A letter to my hard-working husband


Dear Matt,

I know you had to go to the Big Apple (or whatever you code monkeys call the manufacturer of that iPhone gadget) on Wednesday and earn money to support my unemployed butt, but you must come to the next Morning Gloryville with me. Here’s why:

Megan & Brice
My first rave began at 6:30 a.m. and ended at 10:30 a.m. Alcohol and drugs (which, I hear, is a rave “thing”) were noticeably absent. Instead, baristas served up kale smoothies and quinoa bowls. Our friends, 7-foot tall Brice and his adorable wife, Kelsey, wore multi-colored tights and skin-tight gold pants – though not necessarily in that order. I wore fishnet stockings and that $3 combat helmet I scored at Goodwill.

You may not believe it, but this Morning Gloryville movement, in which techies, hipsters and freaks alike pulsate before work at an early morning extravaganza, is actually quite fun. It’s a raveolution – or so I’m told.

You know full well that San Franciscans are accustomed to the unusual.

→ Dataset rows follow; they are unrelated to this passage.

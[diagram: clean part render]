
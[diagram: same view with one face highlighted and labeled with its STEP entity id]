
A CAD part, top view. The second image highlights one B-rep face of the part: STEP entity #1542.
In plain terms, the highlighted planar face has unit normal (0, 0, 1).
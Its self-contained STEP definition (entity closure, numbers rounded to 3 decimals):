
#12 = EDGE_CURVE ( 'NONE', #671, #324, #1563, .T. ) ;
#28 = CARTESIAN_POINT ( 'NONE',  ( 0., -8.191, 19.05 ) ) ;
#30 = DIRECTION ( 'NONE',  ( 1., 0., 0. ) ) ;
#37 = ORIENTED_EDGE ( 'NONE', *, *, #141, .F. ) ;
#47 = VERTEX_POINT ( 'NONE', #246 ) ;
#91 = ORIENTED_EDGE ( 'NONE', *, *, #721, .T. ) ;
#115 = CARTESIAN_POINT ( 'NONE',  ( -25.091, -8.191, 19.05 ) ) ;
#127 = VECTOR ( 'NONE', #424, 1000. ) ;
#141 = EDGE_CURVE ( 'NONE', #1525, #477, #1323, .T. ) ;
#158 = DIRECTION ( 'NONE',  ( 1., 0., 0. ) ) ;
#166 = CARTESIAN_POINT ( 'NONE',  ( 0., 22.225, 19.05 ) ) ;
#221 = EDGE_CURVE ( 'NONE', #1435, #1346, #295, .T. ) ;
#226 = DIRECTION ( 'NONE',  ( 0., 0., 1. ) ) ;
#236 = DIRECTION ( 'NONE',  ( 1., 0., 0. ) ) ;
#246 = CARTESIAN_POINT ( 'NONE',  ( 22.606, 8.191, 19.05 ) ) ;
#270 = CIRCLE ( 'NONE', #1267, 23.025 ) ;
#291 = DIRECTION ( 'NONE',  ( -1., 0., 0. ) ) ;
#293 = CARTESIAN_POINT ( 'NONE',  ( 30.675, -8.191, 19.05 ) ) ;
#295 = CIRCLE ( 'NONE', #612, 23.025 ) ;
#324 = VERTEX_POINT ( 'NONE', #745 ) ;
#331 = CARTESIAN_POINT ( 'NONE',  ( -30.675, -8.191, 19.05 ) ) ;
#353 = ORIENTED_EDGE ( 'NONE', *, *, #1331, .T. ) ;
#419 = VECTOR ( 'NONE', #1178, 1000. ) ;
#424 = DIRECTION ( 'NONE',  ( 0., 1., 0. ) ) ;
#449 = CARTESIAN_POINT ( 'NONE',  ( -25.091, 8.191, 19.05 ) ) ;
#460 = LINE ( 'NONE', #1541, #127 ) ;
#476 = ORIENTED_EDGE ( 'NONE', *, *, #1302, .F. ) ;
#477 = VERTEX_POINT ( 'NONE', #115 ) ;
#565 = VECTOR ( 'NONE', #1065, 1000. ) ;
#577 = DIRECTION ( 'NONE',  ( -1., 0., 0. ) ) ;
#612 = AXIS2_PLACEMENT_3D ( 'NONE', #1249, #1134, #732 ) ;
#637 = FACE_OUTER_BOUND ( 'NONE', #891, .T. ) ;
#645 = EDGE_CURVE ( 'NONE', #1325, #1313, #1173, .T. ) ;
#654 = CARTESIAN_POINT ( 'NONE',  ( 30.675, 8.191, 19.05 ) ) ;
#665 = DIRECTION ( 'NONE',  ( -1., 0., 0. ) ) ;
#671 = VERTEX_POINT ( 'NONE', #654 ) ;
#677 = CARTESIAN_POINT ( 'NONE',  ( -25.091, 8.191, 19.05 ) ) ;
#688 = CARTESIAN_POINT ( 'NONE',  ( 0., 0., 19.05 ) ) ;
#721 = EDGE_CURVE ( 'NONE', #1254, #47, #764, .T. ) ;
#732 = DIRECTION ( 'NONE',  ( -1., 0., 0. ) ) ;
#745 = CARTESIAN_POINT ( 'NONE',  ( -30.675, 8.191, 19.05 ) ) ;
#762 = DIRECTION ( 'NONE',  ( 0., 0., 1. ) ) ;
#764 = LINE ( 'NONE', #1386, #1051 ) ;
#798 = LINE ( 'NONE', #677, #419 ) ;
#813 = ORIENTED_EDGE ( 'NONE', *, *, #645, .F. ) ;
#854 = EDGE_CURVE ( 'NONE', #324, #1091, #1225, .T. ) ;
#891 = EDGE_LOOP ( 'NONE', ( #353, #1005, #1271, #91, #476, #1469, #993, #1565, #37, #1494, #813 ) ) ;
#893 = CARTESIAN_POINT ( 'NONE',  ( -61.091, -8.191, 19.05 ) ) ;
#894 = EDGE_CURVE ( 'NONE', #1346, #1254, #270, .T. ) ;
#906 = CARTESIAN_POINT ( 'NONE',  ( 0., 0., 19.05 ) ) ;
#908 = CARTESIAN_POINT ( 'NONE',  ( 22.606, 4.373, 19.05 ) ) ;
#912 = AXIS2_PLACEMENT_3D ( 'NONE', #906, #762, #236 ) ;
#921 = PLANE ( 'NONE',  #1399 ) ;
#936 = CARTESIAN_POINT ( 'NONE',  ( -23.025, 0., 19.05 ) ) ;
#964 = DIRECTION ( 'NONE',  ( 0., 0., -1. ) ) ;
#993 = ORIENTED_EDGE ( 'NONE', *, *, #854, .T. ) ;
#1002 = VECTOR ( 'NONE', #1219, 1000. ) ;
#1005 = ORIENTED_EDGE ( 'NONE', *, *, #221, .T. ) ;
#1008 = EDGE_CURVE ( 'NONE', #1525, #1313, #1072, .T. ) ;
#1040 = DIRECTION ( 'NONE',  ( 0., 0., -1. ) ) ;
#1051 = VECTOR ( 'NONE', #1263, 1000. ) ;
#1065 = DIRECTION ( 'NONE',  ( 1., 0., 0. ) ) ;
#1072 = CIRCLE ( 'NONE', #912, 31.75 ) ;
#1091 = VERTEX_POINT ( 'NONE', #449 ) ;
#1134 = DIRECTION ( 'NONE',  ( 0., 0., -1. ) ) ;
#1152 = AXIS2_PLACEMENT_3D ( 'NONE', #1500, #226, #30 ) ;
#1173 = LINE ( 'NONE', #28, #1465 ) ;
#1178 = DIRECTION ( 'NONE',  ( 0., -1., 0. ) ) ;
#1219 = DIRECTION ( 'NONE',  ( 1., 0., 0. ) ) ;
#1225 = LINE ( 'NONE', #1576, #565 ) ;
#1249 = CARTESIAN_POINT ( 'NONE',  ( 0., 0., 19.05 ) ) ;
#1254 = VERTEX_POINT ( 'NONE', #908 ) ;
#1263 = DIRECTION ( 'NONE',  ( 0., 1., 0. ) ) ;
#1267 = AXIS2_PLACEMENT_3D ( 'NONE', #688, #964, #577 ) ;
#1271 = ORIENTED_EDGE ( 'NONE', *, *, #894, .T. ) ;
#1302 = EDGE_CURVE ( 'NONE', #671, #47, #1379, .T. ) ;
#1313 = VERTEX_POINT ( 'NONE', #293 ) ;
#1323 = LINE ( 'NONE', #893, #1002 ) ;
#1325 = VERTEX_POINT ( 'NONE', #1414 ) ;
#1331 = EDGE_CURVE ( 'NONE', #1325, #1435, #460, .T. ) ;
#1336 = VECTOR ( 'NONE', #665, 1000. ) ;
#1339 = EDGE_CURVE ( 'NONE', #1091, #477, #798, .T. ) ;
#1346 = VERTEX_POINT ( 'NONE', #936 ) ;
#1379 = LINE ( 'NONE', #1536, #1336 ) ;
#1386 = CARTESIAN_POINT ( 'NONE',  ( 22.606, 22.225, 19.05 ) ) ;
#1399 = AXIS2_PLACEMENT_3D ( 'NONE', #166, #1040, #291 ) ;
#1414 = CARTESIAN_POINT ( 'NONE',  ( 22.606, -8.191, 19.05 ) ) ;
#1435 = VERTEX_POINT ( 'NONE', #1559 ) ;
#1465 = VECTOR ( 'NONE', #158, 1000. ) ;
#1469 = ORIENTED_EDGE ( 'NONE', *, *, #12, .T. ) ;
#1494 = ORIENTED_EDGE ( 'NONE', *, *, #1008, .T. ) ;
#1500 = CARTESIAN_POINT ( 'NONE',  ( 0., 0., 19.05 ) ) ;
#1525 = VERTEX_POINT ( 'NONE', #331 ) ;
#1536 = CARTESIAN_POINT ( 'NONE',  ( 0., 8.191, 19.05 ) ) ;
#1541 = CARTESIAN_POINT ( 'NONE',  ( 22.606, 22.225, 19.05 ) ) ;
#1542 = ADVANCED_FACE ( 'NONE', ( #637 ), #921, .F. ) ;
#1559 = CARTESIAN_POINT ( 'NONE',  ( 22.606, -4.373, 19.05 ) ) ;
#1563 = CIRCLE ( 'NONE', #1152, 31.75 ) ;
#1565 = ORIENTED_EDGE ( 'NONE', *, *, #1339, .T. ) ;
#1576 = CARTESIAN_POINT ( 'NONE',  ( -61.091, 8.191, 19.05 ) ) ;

Yet even in the Mission District, “morning unusual” is borderline unique; Our little trio turned some heads as we strutted past the coffee-guzzling suits ensconced in Starbucks on our way to 2050 Bryant Street.

“Where you going?!” one puzzled sidewalk denizen shouted after us.

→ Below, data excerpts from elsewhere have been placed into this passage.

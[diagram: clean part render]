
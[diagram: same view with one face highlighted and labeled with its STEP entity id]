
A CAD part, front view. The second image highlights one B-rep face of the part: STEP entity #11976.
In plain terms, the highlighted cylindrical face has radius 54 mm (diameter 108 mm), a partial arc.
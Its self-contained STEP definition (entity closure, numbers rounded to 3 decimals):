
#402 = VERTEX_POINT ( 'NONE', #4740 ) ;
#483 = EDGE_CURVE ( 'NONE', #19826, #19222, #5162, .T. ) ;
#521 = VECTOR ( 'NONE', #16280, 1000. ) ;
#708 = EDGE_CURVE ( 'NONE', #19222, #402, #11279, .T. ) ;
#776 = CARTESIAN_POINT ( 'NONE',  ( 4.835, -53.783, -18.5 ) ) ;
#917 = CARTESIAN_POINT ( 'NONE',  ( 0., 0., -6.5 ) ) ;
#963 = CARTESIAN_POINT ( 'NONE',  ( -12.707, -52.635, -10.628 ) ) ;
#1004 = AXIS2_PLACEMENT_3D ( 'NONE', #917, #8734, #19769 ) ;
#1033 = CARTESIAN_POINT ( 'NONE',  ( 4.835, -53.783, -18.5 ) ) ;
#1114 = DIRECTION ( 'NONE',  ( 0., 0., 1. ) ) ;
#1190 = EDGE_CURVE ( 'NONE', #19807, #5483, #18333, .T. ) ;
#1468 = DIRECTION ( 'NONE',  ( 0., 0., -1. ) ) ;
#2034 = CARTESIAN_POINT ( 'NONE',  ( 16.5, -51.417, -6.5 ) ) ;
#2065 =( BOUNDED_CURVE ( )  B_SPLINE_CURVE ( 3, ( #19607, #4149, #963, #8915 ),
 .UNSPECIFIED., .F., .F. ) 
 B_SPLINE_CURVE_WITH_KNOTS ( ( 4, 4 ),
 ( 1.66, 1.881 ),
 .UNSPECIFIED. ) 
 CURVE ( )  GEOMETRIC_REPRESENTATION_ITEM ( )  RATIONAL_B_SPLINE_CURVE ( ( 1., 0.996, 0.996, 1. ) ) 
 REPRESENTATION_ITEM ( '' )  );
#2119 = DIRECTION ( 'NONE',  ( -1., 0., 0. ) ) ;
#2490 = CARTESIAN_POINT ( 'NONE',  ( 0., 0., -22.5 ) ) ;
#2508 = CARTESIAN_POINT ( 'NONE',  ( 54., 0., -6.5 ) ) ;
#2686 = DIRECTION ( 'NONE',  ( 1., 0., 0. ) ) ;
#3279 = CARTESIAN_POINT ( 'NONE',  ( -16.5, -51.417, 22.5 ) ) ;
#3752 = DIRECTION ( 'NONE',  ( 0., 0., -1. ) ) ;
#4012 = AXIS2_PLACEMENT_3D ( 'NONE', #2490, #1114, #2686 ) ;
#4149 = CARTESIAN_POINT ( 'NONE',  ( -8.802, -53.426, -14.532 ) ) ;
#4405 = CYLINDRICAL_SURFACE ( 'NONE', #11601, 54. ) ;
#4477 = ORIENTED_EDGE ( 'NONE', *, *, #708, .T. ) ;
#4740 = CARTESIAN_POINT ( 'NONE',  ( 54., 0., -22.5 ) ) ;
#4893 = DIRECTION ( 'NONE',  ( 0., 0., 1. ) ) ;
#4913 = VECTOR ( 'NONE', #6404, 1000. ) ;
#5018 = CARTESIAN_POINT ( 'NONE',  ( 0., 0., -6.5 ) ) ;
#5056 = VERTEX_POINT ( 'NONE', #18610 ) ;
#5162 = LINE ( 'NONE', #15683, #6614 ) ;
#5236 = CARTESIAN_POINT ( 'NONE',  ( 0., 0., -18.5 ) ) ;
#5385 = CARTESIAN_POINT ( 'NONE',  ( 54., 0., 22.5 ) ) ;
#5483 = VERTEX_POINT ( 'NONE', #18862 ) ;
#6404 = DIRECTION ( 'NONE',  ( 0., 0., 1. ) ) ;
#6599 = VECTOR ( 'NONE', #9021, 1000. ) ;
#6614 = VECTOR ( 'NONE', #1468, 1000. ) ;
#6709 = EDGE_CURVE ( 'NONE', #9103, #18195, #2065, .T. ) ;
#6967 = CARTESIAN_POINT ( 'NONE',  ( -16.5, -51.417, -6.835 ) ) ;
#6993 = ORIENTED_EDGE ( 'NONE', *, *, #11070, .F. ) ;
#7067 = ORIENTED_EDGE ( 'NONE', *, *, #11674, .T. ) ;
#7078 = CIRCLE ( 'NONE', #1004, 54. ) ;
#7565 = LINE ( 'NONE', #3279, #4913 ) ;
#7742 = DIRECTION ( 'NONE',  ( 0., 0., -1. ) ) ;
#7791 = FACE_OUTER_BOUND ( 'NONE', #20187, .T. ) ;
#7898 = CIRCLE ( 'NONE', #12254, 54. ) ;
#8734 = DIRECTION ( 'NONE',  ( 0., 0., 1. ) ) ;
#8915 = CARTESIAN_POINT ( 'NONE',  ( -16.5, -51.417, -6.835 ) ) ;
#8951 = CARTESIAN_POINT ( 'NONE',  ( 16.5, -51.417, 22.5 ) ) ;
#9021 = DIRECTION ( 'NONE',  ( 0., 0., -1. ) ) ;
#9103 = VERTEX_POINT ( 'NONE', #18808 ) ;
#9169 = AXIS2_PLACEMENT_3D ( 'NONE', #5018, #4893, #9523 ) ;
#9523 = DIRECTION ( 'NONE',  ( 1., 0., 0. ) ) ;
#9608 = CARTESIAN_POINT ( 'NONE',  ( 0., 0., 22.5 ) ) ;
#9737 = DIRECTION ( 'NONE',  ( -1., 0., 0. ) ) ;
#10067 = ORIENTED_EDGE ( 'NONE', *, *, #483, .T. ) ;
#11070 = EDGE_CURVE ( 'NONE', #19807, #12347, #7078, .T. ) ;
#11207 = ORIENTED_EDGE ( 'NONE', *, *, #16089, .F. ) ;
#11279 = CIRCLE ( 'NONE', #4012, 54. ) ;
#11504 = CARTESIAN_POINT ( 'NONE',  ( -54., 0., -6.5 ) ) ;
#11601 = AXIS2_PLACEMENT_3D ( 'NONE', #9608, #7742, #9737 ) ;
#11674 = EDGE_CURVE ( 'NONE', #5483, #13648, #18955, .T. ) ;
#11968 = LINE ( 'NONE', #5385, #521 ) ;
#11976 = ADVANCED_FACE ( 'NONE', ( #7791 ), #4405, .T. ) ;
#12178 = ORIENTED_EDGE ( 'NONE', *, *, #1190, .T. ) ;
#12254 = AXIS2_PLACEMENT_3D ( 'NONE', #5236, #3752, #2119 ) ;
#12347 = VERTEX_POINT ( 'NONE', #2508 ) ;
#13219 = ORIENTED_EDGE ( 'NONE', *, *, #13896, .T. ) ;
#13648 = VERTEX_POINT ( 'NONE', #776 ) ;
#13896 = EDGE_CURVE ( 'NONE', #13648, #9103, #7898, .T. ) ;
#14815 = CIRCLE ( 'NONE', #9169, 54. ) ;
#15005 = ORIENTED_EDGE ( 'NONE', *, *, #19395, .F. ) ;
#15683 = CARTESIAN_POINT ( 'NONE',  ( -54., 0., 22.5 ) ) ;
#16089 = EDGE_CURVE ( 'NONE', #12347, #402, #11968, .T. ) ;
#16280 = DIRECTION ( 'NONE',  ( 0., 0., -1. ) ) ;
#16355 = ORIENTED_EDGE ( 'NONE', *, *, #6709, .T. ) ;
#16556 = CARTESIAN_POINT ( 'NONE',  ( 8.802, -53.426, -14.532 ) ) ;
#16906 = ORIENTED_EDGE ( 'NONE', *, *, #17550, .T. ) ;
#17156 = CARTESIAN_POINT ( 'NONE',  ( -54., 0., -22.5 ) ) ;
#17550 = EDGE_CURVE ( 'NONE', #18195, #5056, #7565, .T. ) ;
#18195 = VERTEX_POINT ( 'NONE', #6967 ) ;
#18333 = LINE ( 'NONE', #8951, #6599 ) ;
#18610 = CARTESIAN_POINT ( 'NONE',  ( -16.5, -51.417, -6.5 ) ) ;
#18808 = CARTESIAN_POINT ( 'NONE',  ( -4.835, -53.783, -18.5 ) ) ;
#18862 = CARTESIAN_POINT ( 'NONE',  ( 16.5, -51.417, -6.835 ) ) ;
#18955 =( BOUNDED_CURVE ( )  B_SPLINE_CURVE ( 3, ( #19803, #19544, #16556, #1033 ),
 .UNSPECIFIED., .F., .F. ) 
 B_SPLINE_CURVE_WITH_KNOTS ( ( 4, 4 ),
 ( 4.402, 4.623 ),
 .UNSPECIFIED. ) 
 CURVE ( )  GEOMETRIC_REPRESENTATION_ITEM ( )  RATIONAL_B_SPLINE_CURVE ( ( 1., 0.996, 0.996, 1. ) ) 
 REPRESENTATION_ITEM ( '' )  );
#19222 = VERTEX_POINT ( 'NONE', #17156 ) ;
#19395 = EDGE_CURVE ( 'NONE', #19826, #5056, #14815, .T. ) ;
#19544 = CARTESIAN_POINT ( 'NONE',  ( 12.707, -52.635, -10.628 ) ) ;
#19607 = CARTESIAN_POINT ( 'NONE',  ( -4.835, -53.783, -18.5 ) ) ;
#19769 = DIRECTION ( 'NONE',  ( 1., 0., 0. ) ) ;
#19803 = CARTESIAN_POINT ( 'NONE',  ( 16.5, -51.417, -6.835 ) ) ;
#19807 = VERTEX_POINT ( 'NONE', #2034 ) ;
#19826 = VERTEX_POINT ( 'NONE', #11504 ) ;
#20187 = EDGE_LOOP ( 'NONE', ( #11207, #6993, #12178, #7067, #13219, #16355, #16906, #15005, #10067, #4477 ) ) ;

“To a dance party!” (Obviously. We were much too peppy for the Walk of Shame.)

Brice & Kelsey
Of course my clubbing experience is limitless, but even I must admit I’ve only seen venues like this Inner Mission place in the movies -- and on “Sex and the City” (as you know, those girls know how to party!). Let me describe the scene for you: A former factory in a row of former factories, the space was 10,000 square feet of dance floor with surprisingly clean – Aunt Audrey would say “edible” – restrooms. A second-story, saloon-style interior balcony supported a set of false-front buildings used for some kind of bawdy and, unfortunately, recently concluded circus performance known as “The Soiled Dove.” There was even a coat check (because that’s the kind of high-class place this was). 

If there’s a rave “dress code,” my experience at Inner Mission indicates it’s something like this: skin-tight pants for men and skin-tight leggings or metallic unitards for women. Bras, underwear and shoes are superfluous. Glitter, piercings, neon hair and blue eye shadow are musts. I know that by saying this I risk securing your attendance to a future rave, but remember the neon green wig, stuffed Hooters shirt and wings get-up you wore to Guavaween 2005? Wear that, and you’ll fit right in. The hunky specimen who checked our names off the invite list – and by “invite list” I mean a printout of customers like me who purchased a $20 ticket – wore skin-tight pants and wings. I tell you, if there was a line of male Victoria’s Secret Angels, this dude would surely make the cut. (Note to self: must bring sister next time).

If there’s a rave “dance style,” my experience at Inner Mission indicates it involves flowy arms and shifting one’s weight from foot to foot. That’s good, because even I could do that, and I am pretty confident you could too. Or there's always scrambling atop one of those wobbly circus pedestals and shaking your booty. Between shakes of my own, I tossed in a few “Sailor Steps,” my go-to move at those 60+ line dancing classes I’m always telling you about.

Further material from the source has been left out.